◆ **About this task**
Wherever a line of the data contains "xmlns", copy that line.
■ ■ ■
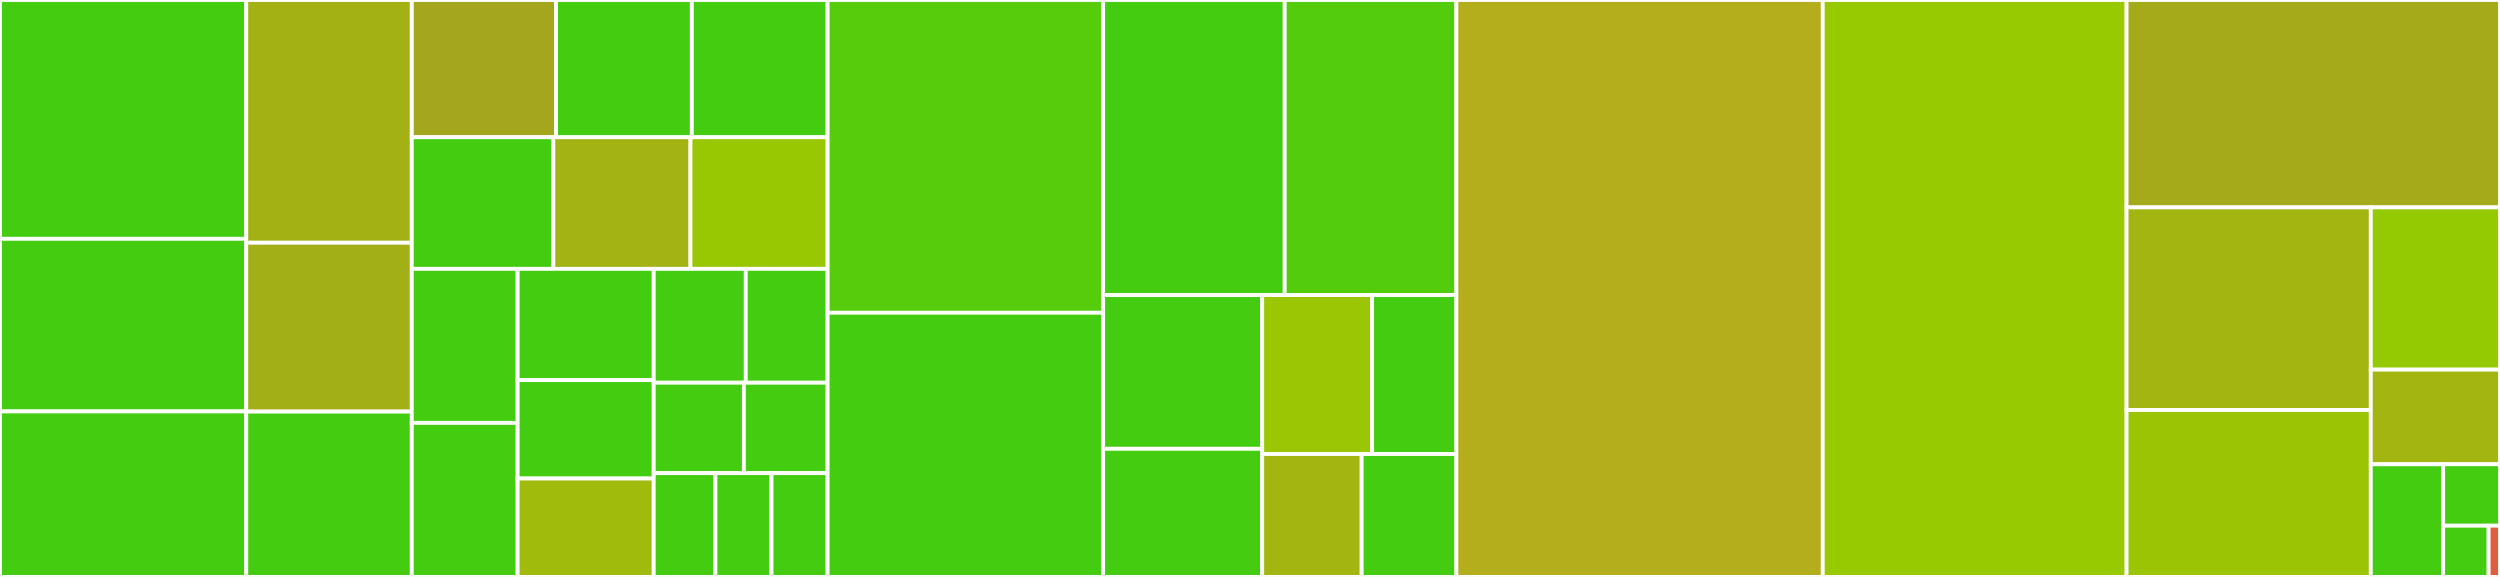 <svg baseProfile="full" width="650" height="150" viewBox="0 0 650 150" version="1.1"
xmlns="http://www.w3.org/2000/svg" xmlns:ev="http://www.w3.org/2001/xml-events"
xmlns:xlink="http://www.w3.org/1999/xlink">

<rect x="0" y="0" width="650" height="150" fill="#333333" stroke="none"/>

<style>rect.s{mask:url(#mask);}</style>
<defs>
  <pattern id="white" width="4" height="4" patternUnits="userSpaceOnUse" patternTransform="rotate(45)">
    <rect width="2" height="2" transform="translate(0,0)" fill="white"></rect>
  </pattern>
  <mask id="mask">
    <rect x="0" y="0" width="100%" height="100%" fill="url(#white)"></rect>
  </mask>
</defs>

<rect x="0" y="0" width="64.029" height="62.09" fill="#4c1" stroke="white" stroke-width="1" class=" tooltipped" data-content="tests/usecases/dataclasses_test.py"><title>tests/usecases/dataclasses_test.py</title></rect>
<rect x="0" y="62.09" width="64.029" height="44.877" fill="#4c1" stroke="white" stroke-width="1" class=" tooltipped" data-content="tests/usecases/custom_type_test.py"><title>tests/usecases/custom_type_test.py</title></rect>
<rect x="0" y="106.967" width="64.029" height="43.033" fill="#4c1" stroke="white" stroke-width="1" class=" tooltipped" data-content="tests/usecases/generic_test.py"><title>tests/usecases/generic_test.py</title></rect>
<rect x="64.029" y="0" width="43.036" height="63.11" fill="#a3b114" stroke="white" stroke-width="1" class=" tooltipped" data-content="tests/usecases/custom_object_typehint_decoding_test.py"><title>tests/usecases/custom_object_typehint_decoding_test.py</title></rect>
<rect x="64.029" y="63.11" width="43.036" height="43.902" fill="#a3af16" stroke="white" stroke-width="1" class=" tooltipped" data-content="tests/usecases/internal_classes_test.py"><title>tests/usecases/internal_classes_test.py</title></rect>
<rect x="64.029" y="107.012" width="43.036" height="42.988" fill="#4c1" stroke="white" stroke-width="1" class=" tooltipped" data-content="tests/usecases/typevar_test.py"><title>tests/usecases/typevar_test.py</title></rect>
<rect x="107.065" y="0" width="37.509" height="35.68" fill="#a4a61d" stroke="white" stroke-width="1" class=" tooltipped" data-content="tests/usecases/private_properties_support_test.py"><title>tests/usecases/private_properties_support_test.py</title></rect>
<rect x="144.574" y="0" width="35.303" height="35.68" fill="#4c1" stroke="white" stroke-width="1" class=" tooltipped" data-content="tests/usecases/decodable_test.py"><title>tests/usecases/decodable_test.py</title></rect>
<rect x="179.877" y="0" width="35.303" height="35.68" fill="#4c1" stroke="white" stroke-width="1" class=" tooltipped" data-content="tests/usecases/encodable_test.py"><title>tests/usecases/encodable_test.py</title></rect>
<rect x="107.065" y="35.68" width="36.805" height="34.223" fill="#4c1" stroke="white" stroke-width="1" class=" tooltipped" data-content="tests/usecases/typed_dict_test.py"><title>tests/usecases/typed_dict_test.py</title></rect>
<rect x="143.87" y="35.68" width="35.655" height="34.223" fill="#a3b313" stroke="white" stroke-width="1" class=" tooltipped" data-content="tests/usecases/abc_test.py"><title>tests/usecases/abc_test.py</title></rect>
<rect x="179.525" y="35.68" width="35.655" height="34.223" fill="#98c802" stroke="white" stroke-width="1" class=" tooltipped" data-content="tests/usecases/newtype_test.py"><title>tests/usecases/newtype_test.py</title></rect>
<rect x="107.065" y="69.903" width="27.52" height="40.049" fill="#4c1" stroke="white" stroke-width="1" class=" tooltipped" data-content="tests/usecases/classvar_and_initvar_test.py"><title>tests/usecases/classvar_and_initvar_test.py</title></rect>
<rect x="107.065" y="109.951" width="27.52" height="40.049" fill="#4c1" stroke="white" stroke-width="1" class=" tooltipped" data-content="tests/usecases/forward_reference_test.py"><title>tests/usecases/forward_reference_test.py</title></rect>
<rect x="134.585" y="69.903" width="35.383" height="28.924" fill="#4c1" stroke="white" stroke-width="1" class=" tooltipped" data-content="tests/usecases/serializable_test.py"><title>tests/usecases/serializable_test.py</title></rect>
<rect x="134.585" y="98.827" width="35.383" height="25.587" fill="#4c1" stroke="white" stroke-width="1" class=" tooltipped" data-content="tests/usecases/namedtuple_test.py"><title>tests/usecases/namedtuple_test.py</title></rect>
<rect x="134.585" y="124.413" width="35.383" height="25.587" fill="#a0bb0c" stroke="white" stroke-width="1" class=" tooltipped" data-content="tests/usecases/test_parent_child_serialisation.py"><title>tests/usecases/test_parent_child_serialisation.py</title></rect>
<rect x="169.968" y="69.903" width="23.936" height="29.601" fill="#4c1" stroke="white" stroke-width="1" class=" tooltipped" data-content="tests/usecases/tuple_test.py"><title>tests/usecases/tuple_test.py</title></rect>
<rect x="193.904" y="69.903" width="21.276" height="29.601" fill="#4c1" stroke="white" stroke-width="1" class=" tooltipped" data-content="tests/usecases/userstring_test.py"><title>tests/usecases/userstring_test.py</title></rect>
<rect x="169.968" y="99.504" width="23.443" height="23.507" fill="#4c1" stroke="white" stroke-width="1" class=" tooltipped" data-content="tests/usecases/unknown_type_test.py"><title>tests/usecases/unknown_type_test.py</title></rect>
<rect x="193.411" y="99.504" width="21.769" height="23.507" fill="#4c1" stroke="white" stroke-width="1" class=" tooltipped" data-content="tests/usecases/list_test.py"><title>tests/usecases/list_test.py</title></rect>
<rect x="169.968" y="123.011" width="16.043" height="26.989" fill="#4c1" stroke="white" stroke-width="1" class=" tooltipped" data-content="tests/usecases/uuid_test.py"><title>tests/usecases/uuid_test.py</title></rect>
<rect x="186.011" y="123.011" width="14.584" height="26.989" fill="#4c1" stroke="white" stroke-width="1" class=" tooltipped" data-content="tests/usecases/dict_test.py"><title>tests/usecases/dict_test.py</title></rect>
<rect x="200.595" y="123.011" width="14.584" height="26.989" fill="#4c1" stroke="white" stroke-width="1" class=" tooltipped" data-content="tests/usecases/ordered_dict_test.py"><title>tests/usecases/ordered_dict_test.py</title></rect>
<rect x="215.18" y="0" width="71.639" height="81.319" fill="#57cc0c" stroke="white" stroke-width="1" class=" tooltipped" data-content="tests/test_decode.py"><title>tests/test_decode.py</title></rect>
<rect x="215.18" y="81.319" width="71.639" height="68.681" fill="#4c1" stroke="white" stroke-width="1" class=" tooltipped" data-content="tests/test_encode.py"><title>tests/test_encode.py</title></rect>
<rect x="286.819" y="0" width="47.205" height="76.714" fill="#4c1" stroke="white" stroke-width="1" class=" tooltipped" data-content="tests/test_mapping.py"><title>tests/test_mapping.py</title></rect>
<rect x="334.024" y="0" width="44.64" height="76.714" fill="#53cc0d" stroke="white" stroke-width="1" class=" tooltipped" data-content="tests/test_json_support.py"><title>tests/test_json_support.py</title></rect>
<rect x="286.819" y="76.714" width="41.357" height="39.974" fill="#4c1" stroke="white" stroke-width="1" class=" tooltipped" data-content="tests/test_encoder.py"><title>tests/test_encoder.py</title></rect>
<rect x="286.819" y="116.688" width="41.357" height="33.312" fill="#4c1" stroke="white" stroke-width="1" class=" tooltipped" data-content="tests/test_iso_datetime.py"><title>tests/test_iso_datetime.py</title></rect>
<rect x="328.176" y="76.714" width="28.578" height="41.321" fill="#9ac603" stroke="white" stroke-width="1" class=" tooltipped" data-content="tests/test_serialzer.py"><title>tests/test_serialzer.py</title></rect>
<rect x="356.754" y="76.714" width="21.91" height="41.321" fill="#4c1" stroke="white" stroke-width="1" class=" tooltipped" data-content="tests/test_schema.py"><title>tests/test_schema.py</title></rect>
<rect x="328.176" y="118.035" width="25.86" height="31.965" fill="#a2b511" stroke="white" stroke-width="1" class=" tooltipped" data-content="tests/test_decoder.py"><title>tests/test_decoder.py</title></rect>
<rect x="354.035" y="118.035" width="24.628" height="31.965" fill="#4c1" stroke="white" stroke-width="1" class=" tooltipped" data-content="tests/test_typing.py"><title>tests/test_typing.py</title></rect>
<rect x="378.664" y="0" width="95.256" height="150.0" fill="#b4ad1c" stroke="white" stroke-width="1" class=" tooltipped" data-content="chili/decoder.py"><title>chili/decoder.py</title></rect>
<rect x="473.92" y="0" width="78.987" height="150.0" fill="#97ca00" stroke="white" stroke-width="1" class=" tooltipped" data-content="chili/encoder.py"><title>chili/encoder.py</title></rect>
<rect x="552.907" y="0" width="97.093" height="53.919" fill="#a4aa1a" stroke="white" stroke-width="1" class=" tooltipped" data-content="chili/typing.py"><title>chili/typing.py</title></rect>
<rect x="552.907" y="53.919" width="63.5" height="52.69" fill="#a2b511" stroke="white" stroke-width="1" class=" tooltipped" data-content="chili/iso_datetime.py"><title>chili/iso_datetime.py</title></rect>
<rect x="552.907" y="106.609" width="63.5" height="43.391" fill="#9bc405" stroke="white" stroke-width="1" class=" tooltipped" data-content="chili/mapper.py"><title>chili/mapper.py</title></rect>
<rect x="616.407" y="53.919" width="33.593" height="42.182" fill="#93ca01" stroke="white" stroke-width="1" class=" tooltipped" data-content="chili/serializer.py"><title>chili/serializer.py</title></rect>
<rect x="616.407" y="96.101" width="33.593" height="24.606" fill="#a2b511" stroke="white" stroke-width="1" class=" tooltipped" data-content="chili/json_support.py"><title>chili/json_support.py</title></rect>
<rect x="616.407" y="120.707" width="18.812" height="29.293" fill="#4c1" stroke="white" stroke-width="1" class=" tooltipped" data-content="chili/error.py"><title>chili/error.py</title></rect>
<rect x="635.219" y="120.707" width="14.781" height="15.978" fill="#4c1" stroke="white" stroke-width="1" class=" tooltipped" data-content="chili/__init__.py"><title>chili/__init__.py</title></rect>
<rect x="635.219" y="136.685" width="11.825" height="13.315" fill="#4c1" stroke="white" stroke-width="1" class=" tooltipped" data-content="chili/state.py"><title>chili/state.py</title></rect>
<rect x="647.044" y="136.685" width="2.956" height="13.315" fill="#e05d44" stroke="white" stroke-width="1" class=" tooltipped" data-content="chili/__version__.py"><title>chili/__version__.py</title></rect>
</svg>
■ ■ ■
◆ **Finished task**
xmlns="http://www.w3.org/2000/svg" xmlns:ev="http://www.w3.org/2001/xml-events"
xmlns:xlink="http://www.w3.org/1999/xlink">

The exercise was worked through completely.